The "Rust Bucket" wasn't just a name; it was a physical description. Docking Bay 94 smelled of stale hydrogen and the slow, agonizing death of heavy machinery. Kael slipped through the hydraulic doors, his breath coming in ragged gasps. The glowing lines on his fingertips were pulsing now, a golden rhythm that seemed to sync with the distant, heavy thud of Hegemony boots on the catwalks above.
"Jax, I'm at the bay," Kael hissed into his comms. "Where's the contact?"
"Pier 4. Look for a modified freighter that looks like it was held together by prayer and duct tape," Jax replied, his voice shaking. "And Kael? You need to hurry. The Hegemony just blacked out the local grid. They're door-kicking every hab-unit within six blocks."
Kael saw it. The ship was a YT-710 light freighter, though its original hull was barely visible beneath layers of mismatched heat shielding and jury-rigged sensor arrays. A ramp was lowered, spilling a pool of flickering amber light onto the greasy floor.
Standing at the base of the ramp was a woman who looked like she hadn't slept since the Great Collapse. Her flight suit was smeared with engine oil, and a pair of heavy welding goggles hung around her neck. She was holding a pulse-pistol with the practiced ease of someone who expected trouble.
"You're late, Scav," she said, her voice like sandpaper.
"I was busy being shot at," Kael retorted, glancing over his shoulder. "Are you Mina?"
"I'm the person with the only working engine in this sector. That's all you need to know." She squinted at him, her eyes dropping to the pocket where the drive lay. "You have the package?"
Before Kael could answer, the bay's main lights died. In the sudden darkness, the red tactical lasers of the Hegemony Seekers sliced through the gloom like blood-red wires.
"Get on the ship!" Mina yelled, diving behind a stack of cargo crates.
Pew-pew-pew!
The air sizzled as high-intensity bolts hammered into the Rust Bucket's hull. Kael scrambled up the ramp, his boots slipping on the oil-slicked metal. He felt a searing heat near his shoulder—a near miss—as he tumbled into the ship's cramped cargo hold.

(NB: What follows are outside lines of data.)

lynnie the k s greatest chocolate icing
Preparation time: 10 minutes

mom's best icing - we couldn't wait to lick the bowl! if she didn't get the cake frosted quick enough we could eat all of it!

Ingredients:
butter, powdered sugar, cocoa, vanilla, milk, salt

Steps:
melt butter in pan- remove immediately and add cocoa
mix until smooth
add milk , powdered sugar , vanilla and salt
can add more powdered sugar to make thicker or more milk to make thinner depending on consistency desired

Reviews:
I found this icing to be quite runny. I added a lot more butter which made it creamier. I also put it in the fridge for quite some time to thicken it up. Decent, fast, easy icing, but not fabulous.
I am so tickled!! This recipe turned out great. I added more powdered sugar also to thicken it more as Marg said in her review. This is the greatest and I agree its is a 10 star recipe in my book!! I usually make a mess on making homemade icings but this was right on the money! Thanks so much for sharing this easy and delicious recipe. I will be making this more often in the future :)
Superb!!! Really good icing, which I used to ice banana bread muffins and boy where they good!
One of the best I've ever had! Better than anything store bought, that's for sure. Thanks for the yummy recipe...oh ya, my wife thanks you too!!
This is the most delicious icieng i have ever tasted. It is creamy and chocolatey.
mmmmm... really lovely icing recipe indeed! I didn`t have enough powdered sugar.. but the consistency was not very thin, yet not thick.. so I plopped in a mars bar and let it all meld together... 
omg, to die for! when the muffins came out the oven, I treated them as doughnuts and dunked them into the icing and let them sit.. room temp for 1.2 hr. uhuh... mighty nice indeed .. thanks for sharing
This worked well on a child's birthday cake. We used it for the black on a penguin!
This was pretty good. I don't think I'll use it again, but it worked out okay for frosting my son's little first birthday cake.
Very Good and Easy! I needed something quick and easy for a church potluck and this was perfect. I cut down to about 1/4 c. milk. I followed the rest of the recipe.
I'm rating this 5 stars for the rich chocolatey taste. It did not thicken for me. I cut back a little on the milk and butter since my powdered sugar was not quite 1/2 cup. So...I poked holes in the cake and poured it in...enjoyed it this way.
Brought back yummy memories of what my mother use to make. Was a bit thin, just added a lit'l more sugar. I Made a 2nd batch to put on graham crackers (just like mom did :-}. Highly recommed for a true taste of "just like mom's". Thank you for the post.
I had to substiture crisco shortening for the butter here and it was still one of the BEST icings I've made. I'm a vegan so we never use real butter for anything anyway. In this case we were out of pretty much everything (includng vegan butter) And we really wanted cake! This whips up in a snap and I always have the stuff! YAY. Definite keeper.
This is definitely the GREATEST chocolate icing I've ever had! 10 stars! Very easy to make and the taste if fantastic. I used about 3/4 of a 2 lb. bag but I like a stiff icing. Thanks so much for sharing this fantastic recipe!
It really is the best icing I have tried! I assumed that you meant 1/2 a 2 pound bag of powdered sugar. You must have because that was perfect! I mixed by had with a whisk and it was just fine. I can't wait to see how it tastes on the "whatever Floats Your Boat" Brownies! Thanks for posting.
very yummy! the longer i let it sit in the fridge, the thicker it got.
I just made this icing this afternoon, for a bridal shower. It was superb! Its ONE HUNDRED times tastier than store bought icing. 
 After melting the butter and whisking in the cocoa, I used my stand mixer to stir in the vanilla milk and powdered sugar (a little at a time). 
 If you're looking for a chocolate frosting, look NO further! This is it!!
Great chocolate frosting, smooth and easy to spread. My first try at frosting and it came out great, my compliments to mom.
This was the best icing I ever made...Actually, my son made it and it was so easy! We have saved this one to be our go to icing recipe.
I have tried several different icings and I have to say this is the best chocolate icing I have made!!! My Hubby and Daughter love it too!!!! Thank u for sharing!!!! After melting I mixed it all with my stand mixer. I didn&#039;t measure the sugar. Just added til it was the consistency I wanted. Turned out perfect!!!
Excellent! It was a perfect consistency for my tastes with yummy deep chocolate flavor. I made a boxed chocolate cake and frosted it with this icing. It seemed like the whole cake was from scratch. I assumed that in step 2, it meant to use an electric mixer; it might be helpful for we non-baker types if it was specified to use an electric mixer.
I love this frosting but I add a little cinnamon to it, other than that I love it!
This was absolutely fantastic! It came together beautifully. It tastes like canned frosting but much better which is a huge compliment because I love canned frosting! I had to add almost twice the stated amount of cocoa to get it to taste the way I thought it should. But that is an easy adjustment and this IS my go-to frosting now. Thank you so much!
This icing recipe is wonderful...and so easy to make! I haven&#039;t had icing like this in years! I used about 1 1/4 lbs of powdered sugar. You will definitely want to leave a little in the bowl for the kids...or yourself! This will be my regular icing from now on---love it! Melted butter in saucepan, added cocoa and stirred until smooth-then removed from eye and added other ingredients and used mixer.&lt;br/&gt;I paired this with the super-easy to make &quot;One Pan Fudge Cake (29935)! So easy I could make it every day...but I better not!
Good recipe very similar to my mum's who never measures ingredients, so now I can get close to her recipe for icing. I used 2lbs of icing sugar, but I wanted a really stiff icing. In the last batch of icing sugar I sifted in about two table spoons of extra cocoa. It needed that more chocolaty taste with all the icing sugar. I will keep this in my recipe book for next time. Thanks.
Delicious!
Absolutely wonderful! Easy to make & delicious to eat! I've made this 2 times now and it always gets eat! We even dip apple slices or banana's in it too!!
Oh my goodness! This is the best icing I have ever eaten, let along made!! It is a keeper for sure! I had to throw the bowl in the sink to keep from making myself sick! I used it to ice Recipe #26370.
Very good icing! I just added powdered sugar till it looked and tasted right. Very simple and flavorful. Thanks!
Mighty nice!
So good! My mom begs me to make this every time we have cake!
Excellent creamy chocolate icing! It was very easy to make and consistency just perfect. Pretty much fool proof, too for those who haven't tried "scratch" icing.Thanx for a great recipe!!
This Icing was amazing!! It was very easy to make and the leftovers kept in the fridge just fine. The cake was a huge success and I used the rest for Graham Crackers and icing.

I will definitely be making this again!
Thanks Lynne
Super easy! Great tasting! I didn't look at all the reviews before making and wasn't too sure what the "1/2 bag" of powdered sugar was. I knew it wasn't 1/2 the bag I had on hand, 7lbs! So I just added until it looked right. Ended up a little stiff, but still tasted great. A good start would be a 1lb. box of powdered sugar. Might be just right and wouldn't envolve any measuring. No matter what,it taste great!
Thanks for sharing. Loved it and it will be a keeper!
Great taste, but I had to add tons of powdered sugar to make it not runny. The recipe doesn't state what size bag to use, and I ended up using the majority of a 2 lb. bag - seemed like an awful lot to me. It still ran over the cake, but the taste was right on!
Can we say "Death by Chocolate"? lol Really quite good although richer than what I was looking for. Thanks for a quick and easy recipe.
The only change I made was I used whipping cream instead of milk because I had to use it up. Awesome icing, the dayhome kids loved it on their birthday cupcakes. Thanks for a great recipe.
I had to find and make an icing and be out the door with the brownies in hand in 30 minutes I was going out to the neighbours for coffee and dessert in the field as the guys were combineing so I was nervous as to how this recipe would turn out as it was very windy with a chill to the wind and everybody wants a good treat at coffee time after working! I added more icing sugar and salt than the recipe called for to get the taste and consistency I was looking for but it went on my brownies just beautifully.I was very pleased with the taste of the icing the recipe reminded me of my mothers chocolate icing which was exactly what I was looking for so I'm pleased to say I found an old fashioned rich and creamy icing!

Mina followed, sliding through the closing hatch just as a Seeker drone slammed against the exterior. The heavy locks engaged with a satisfying clunk, but the ship groaned under a fresh barrage of fire.
"Strap in! It's going to get bumpy!" Mina shouted, sprinting toward the cockpit.
Kael threw himself into a seat that smelled of old tobacco and ozone, fumbling with the harness. Through the cockpit's reinforced glass, he saw the docking bay doors beginning to slide shut—the Hegemony was trying to lock them in.
"Mina, the doors!" Kael screamed.
"I see 'em!" she barked back. She slammed her palm against a series of toggle switches. The ship's engines didn't roar; they screamed, a high-pitched whine that vibrated Kael's teeth. "Hold onto your soul, Scavenger!"
The Rust Bucket lurched forward. Mina didn't go for a smooth exit. She rammed the nose of the ship into the gap of the closing bay doors. Sparks sprayed across the viewport as the freighter's reinforced prow ground against the station's heavy plating. The ship groaned, metal screaming against metal, until—with a violent jolt—they burst through.
Suddenly, the claustrophobic darkness of the docking bay was replaced by the infinite, terrifying beauty of the void. The Ring hung behind them, a massive, rotating graveyard of steel illuminated by the distant, dying glow of the sun.
"We're out," Kael breathed, his heart finally slowing.
"We're in the vacuum," Mina corrected, her hands flying across the controls as she dodged a volley of fire from the station's external turrets. "There's a difference. We've got three Hegemony interceptors screaming out of the hangar behind us. We can't outrun them in a straight line."
"Then what do we do?"
Mina looked back at him, a fierce, reckless grin cutting through her exhaustion. "We go where they're too scared to follow. We're heading for the Debris Field."
Kael looked at the obsidian drive in his hand. It was glowing brighter now, the geometric patterns on his skin beginning to crawl up his forearm.
"Jax?" Kael called out.
There was no answer. Only static. The "Echo" had started, and as the ship plunged into the graveyard of shattered moons and ancient satellites, Kael realized that the scavenger life he knew was dead. He wasn't just running for his life anymore; he was carrying the ghost of a planet.